TASK TO CARRY OUT: Set down each record below exactly as it stands. Pictures are not part of the copy.

DATA UNDER STUDY:
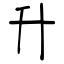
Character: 升
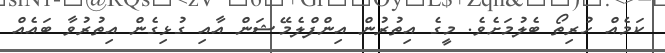
ކަމެއް ހުރިތޯ ބެލުމަށެވެ. މީގެ އިތުރުން އިންފްލެމޭޝަން އާއި ގުޅިގެން އިތުރުވާ ބައެއް
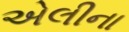
એલીના
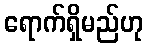
ရောက်ရှိမည်ဟု
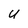
Character: U

RESPONSE:
Character: 升
ކަމެއް ހުރިތޯ ބެލުމަށެވެ. މީގެ އިތުރުން އިންފްލެމޭޝަން އާއި ގުޅިގެން އިތުރުވާ ބައެއް
એલીના
ရောက်ရှိမည်ဟု
Character: U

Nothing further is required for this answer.